Experten der EU-Kommission und der Europäischen Lebensmittelzulassungsbehörde EFSA argumentieren, dass BASF die Kartoffel nicht als Nahrungsmittel, sondern zu industriellen Zwecken entwickelt habe. Die darin enthalte Stärke eignet sich besonders gut zur Papierherstellung. Doch die nun erteilte Zulassung schließt eine andere Nutzung nicht aus. Es ist sogar ausdrücklich vorgesehen, dass Abfallprodukte aus der Stärkegewinnung als Futtermittel verwertet werden. Für den Anbau hat die Kommission strenge Auflagen erlassen. Weder auf dem Acker noch bei der Ernte oder beim Transport darf Amflora mit anderen Kartoffeln in Berührung kommen. Im Folgejahr dürfen keine genfreien Kartoffeln auf einem Amflorafeld angebaut werden. Doch letztlich erlaubt die Kommission eine unabsichtliche Verschmutzung traditioneller Kartoffelprodukte von bis zu 0,9 Prozent.

"Nach ausführlicher und gründlicher Analyse der fünf offenen Zulassungsanträge war es klar für mich, dass alle wissenschaftlichen Aspekte ausführlich berücksichtigt wurden", erklärte Dalli gestern. Nach der langen Übergangsphase einer nur kommissarisch amtierenden EU-Kommission sei es nun Zeit, offene Entscheidungen abzuschließen. "Die EU muss sich an ihre eigenen juristischen Regeln halten und Rechtssicherheit herstellen", erklärte Dalli. Genau das aber tut die EU-Kommission nach Überzeugung vieler Experten nicht. In der Richtlinie, auf die sich die Zulassung von Amflora gründet, wird ausdrücklich festgelegt, dass von Ende 2004 an in der EU keine genveränderten Pflanzen mehr angebaut werden sollen, die gesundheitsbedenkliche Antibiotikaresistenzen enthalten. Sowohl die Weltgesundheitsorganisation als auch die Europäische Arzneimittelbehörde halten es für möglich, dass Amflora die Wirksamkeit bestimmter Medikamente einschränken könnte, die gegen Tuberkulose eingesetzt werden. Sogar innerhalb der Lebensmittelzulassungsbehörde EFSA hatten zwei Gutachter vergangenen Sommer erstmals vor den gesundheitlichen Risiken gewarnt.

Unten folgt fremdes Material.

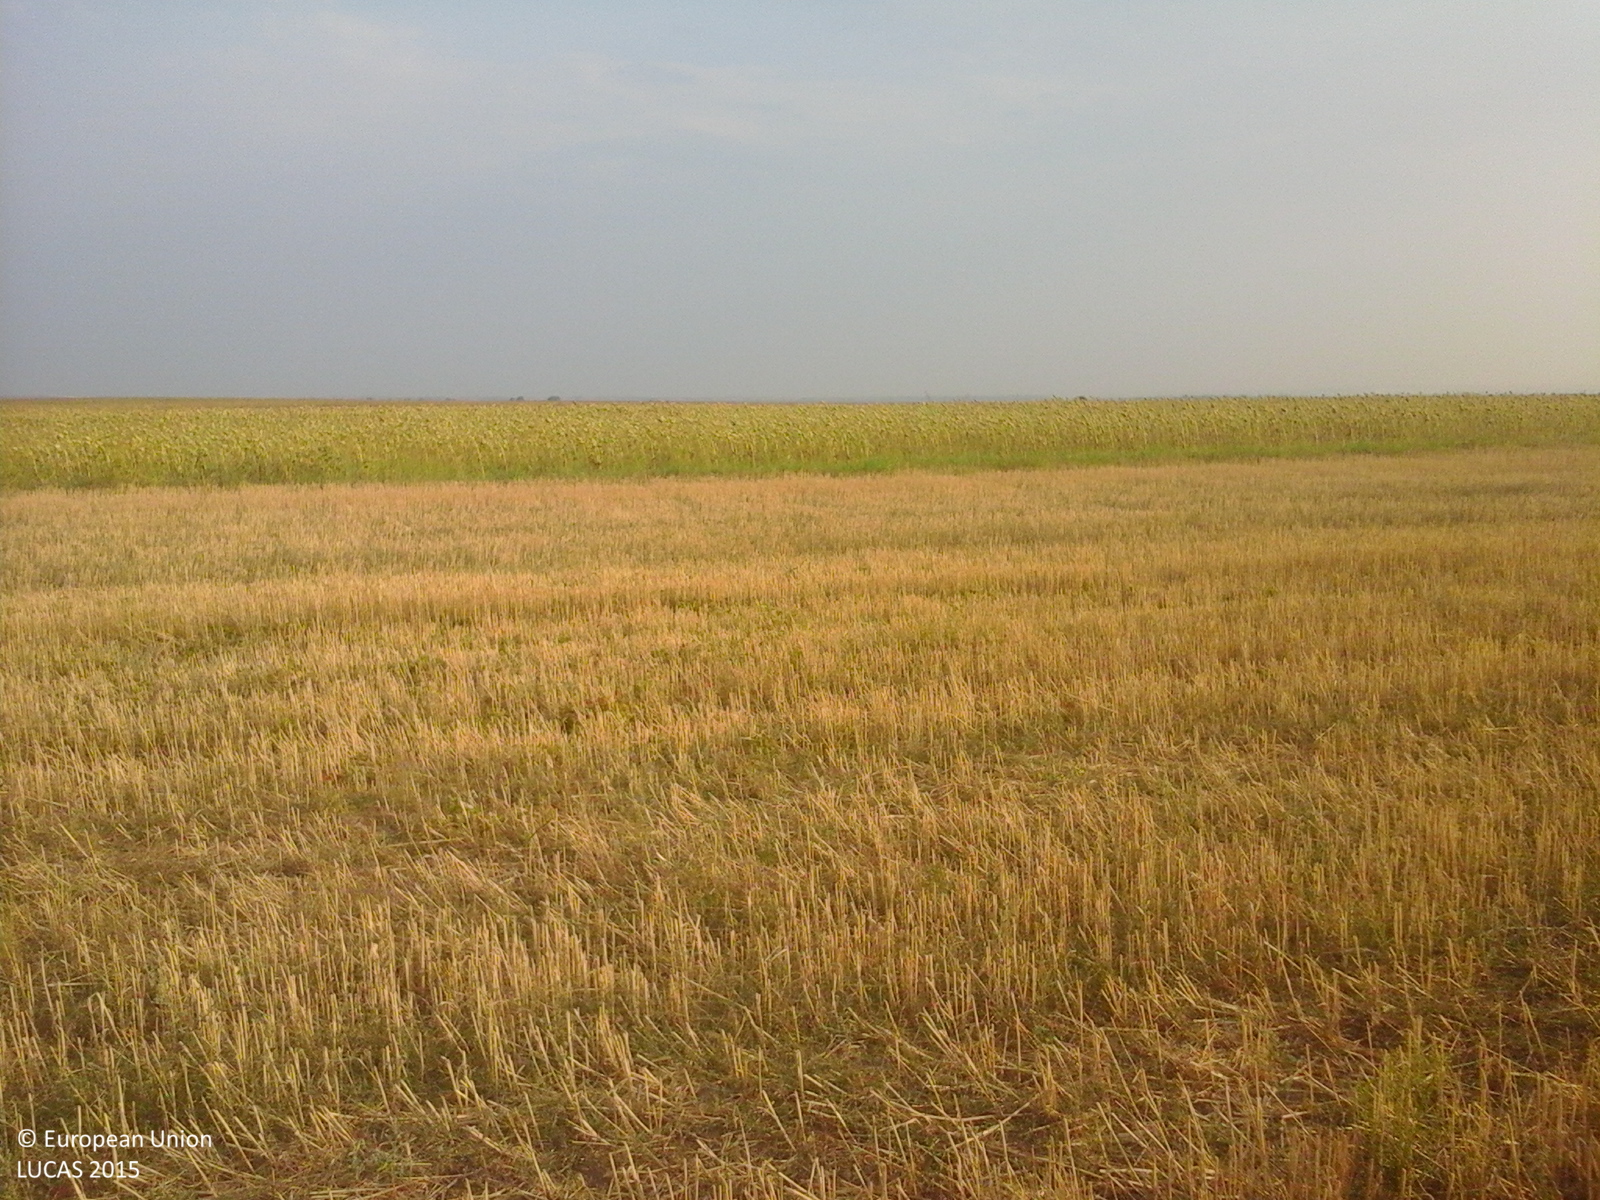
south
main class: Cropland
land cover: Sunflower
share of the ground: > 75 %
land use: Agriculture (excluding fallow land and kitchen gardens)
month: August
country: RO
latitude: 44.3173
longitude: 22.9702
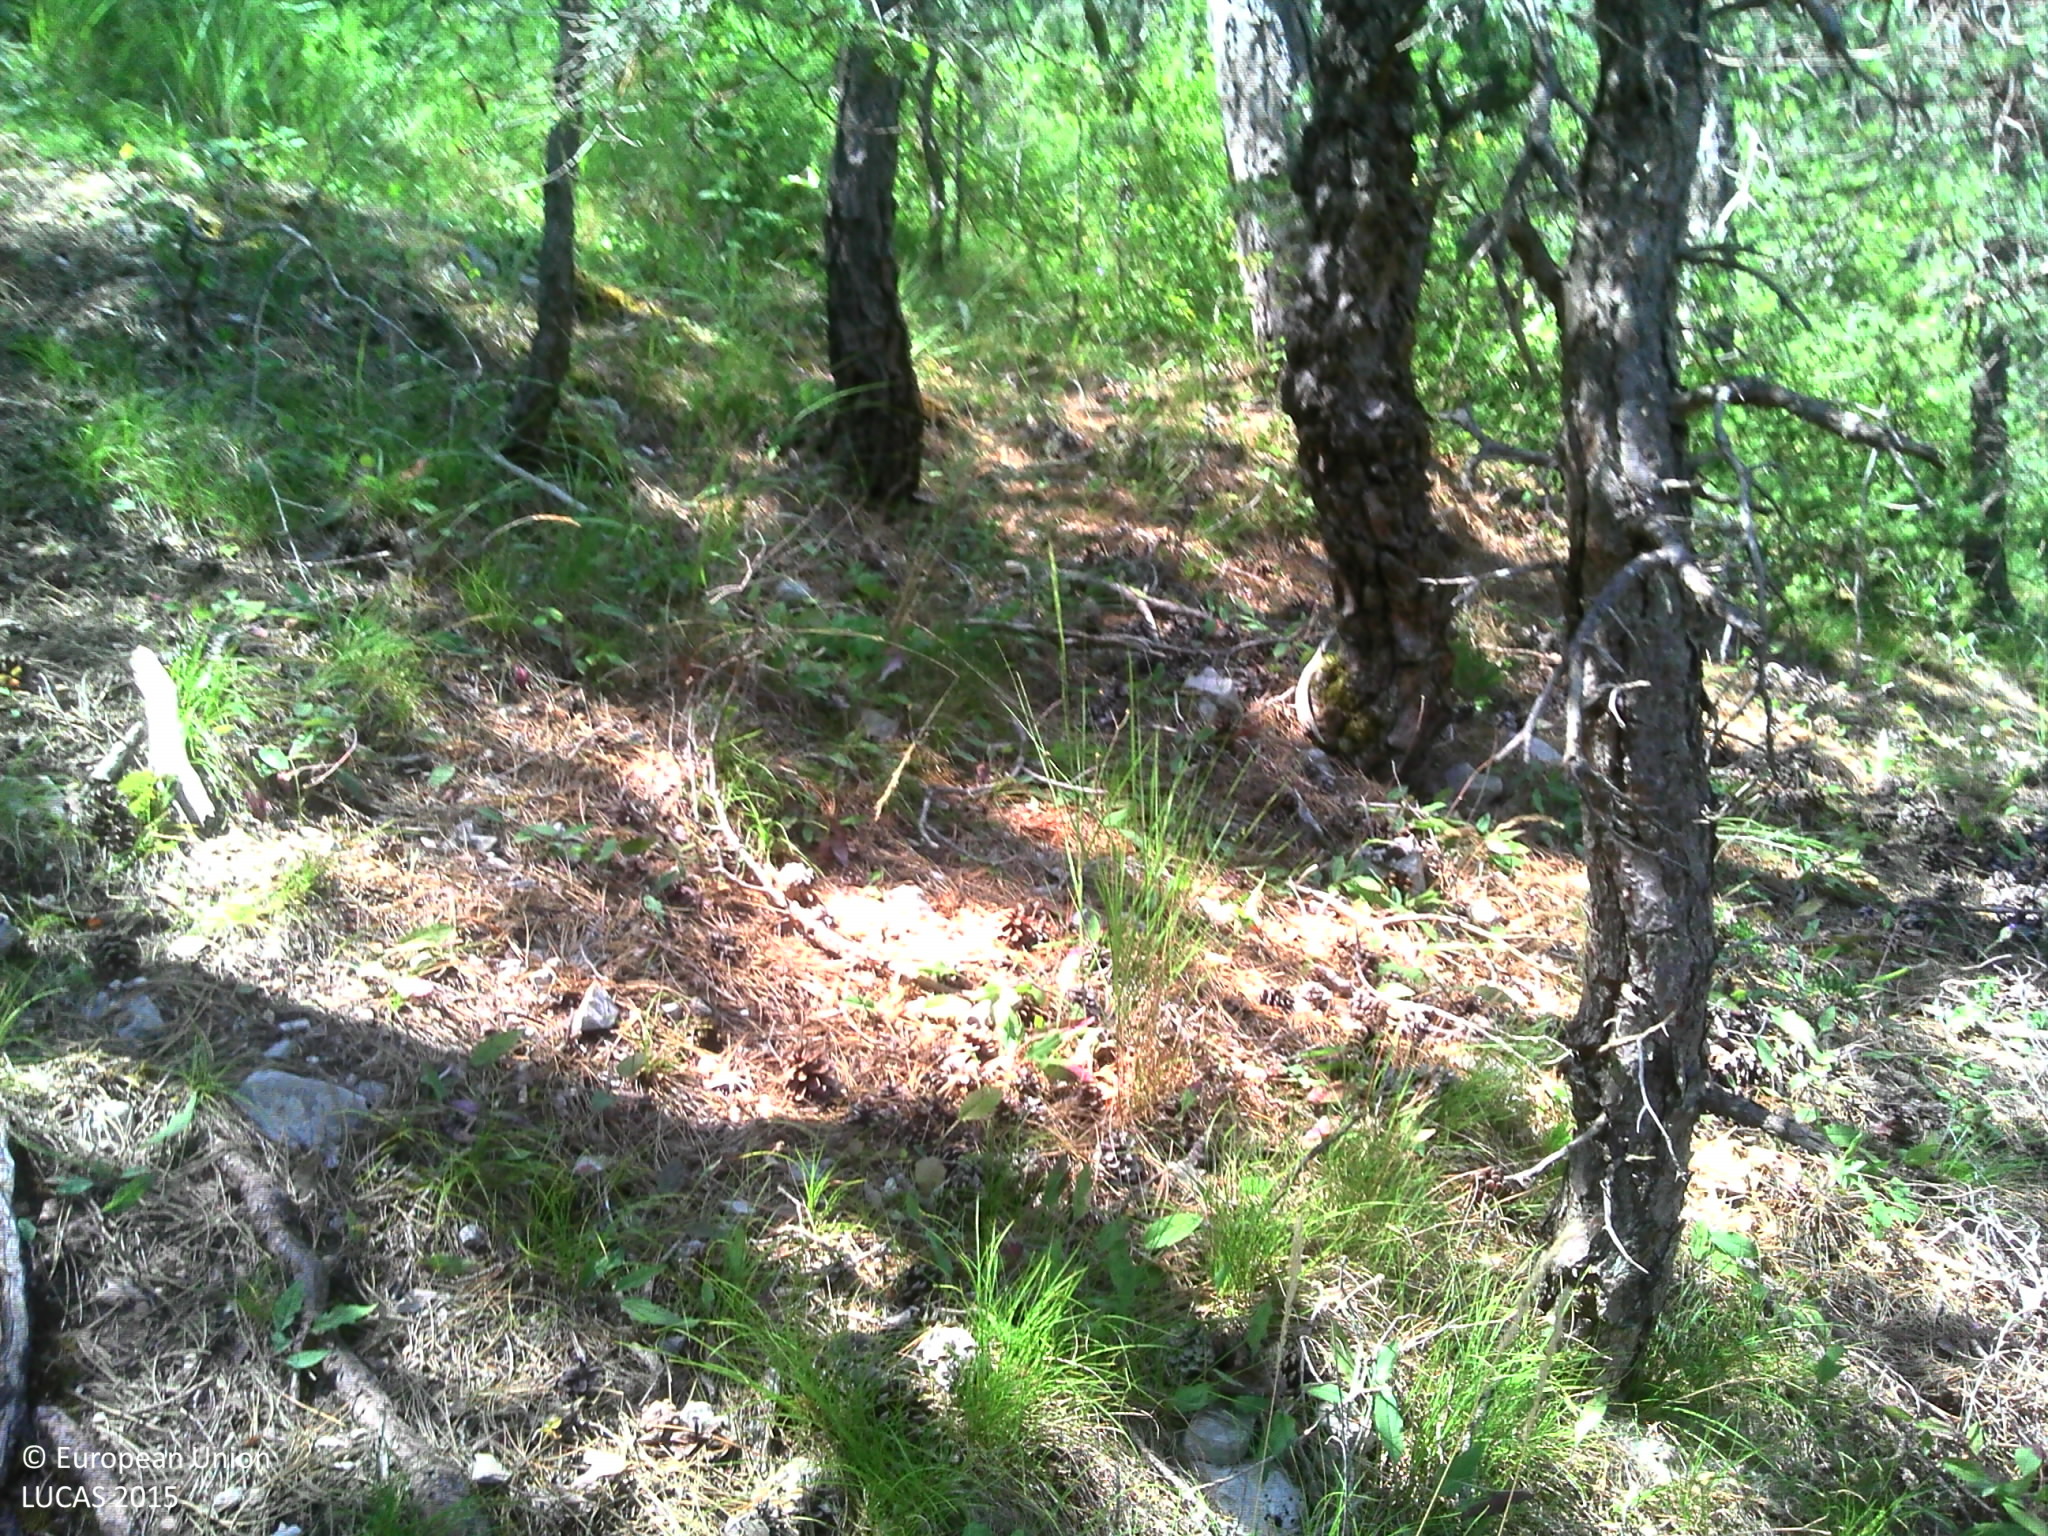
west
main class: Woodland
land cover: Pine dominated coniferous woodland
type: coniferous forest of the mediterranean region
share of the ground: > 75 %
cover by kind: coniferous forest trees 100 %
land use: Forestry
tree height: > 5 m
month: July
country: FR
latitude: 44.8047
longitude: 5.3157

Noch kurz vor ihrem Ausscheiden aus der EU-Kommission hatte Dallis Vorgängerin Androulla Vassiliou Ende Januar auf eine Anfrage des EU-Parlaments zu Amflora geantwortet: "Die Kommission prüft derzeit die Auswirkungen der Stellungnahme der EFSA hinsichtlich des Risikomanagements für alle genetisch veränderten Erzeugnisse, die Antibiotikaresistenzen enthalten." Diese Prüfung hält Dalli offensichtlich für überflüssig. Eine Übertragung der Resistenzen auf Krankheitserreger sei völlig ausgeschlossen, erklärte eine Mitarbeiterin seiner Abteilung gestern. Falls es aber doch dazu komme, sei das ohnehin bedeutungslos, da derartige Resistenzen bei Tuberkuloseerregern schon jetzt zu finden seien.

Der grüne EU-Abgeordnete Martin Häusling meint: "Damit stellt der europäische Gesundheitskommissar die Interessen eines Unternehmens an einer Kartoffel für industrielle Verwertung höher als das Menschenrecht auf Gesundheit."